In storytelling, storytellers utilize paratactic or syntactic styles. Parataxis is common among oral storytellers. When telling a story orally, there are many inconsistencies because of the lack of a written-down, word-for-word, multiply-checked draft. However, audiences do not set out to compare the stories word for word and are only interested in the main points of the story.

== Parataxis versus hypotaxis ==

Parataxis roughly translates to "arranging side by side", while hypotaxis translates to "arranging under." Parataxis omits subordinating conjunctions while hypotactic constructions focus on such conjunctions to connect their ideas using subordinates ideas to one another. Thus, hypotaxis can directly show relationships of cause and effect, chronology, and comparison.

Recent studies show that the Zamucoan languages are characterized by a rare syntactic configuration which is called para-hypotaxis, where coordination and subordination are used simultaneously to connect clauses (Bertinetto & Ciucci 2012).

==Examples==
===Literature===
An example of parataxis is Mr. Jingle's speech in Chapter 2 of The Pickwick Papers by Charles Dickens:

"Come along, then," said he of the green coat, lugging Mr. Pickwick after him by main force, and talking the whole way. "Here, No. 924, take your fare, and take yourself off—respectable
gentleman—know him well—none of your nonsense—this way, sir—where's your friends?—all a mistake, I see—never mind—accidents will happen—best regulated families—never say die—down upon your luck—Pull him UP—Put that in his pipe—like the flavour—damned rascals." And with a lengthened string of similar broken sentences, delivered with extraordinary volubility, the stranger led the way to the traveller's waiting-room, whither he was closely followed by Mr. Pickwick and his disciples.

Samuel Beckett's opening to his monologue "Not I" is another example:

Mouth: .... [sic] out ... into this world ... this world ... tiny little thing ... before its time ... in a godfor– ... what? .. [sic] girl? .. [sic] yes ... tiny little girl ... into this ... out into this ... before her time ... godforsaken hole called ... called ... no matter ... parents unknown ... unheard of ... he having vanished ... thin air ... no sooner buttoned up his breeches ... she similarly ... eight months later ... almost to the tick ... so no love ... spared that ... no love such as normally vented on the ... speechless infant ... in the home ... no ... nor indeed for that matter any of any kind ... no love of any kind ... at any subsequent stage ...

Hilaire Belloc's paratactically speaks to a woman in the "Sun" inn in The Path to Rome while trying to order wine— he reports his language as a "brutal way of speaking," but admitting its success in getting the woman to give her his drink:
Bring the wine. Set it here. See me drink it. Charge me your due.

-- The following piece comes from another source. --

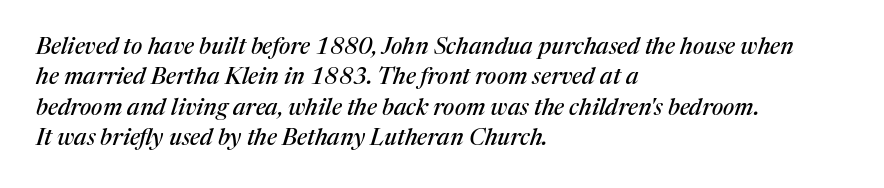
{"italic": "yes", "lean": "right", "slant_degrees": 17, "underline": "no", "align": "left", "line_spacing": "normal", "line_spacing_ratio": 1.32, "letter_spacing": "normal", "letter_spacing_em": 0.0, "glyph_px": 23}

Molly Bloom's soliloquy in James Joyce's Ulysses, one of the longest known examples of a run on sentence in English literature, is another famous example of this technique.
===Greek===

In What Is Called Thinking?, Martin Heidegger addresses the paratactic nature of Classical Greek texts. Through analyzing a fragment from Parmenides (typically translated "One should both say and think that Being is") Heidegger argues that modern syntactic translations of paratactic Greek texts often leave the meaning obscured. He suggests multiple translations of the fragment that may more closely resemble the paratactic Greek original. These include "needful : the saying also thinking too : being : to be," and "Useful is the letting lie before us, the taking-to-heart, too: beings in Being." Heidegger points to a modern linguistic bias that places paratactic language beneath syntactic language; paratactic language is often viewed as "child-like" or "primitive". He argues that a paratactic sentence a child might say, such as "dog, woof-woof, bad" is not inherently less meaningful than its syntactic equivalent, like "dogs bark and can be dangerous."

==Cultural theory==

The term parataxis has also been appropriated by some cultural theorists to describe certain works of art or "cultural texts" in which a series of scenes or elements are presented side by side in no particular order or hierarchy. Examples might range from the collages of the dadaists and Robert Rauschenberg to many contemporary music videos. The traditional polyptych constitutes another example.